Since the computer I listed did not turn out, I have a backup. I will be using a Dell Dimension 4100 I got for free from a friend. This PC features an Intel Pentium III clocked at 800 MHz and has 256 MBs of ram. It also has a Nvidia Riva TNT2 graphics card. The unit works just fine and I've just got done cleaning dust out of it. Will this work better for my need? Oh and DOS games are not required mainly Windows games from about 1995 to 2001 although it would be nice to have DOS compatibility.

That's going to be quite a bit better in terms of stability and reliability, as Dell used OEM Intel boards in those machines. It is also the machine I use for my Win9x games, so I can tell you right off the bat it's great for that purpose. If you got ahold of a faster Coppermine P3 (up to 1000MHz) it will plug right in, no configuration required.

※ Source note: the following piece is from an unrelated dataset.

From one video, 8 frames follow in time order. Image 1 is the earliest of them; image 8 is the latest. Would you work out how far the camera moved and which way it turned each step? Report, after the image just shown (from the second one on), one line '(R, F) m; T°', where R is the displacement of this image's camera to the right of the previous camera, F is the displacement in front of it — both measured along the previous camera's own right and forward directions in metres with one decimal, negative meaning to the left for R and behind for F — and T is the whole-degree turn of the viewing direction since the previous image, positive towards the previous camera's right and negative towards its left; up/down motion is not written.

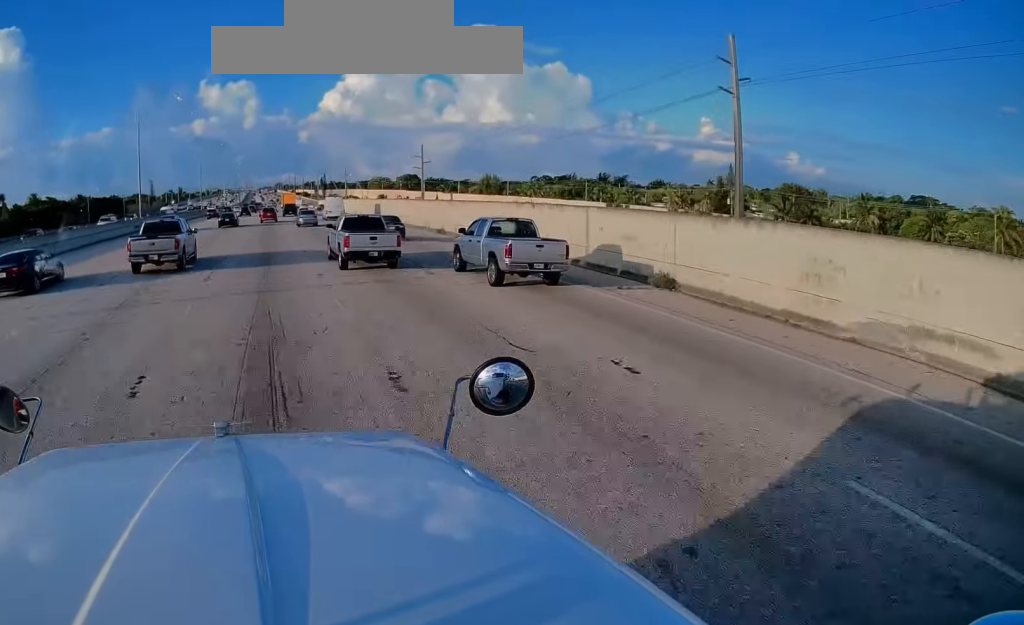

For many people a lot of the appeal of building a Win9x rig comes from being able to run 3Dfx Glide games in their original format. Quite a few games, Unreal most notably, run and look better using Glide. For that purpose, on the cheap I would recommend a AGP Voodoo 3 2000 or 3000, they go for about $25-40 on eBay. Both offer approximately the same performance, so just get whichever one you can find cheaper.

Jorpho wrote:

I think I should emphasize that Quake III Arena is available on Steam and there is really no benefit whatsoever to using it on a Windows 98 machine; there is no need to "use emulation" there, if I'm not mistaken. Likewise, the "fullest potential" of Grim Fandango would likely be achieved with the recent Remastered edition. Doom has source ports like Chocolate Doom which are based on the original code and use the original assets – there is no need for a Windows 98 machine for that either. Half-Life is a matter of some debate.

If he wanted to run these games on a modern PC he would have done so by now. It's not dissimilar asking why you'd use a 486 DOS machine when DOSBox runs everything fine. Some people just prefer the original hardware.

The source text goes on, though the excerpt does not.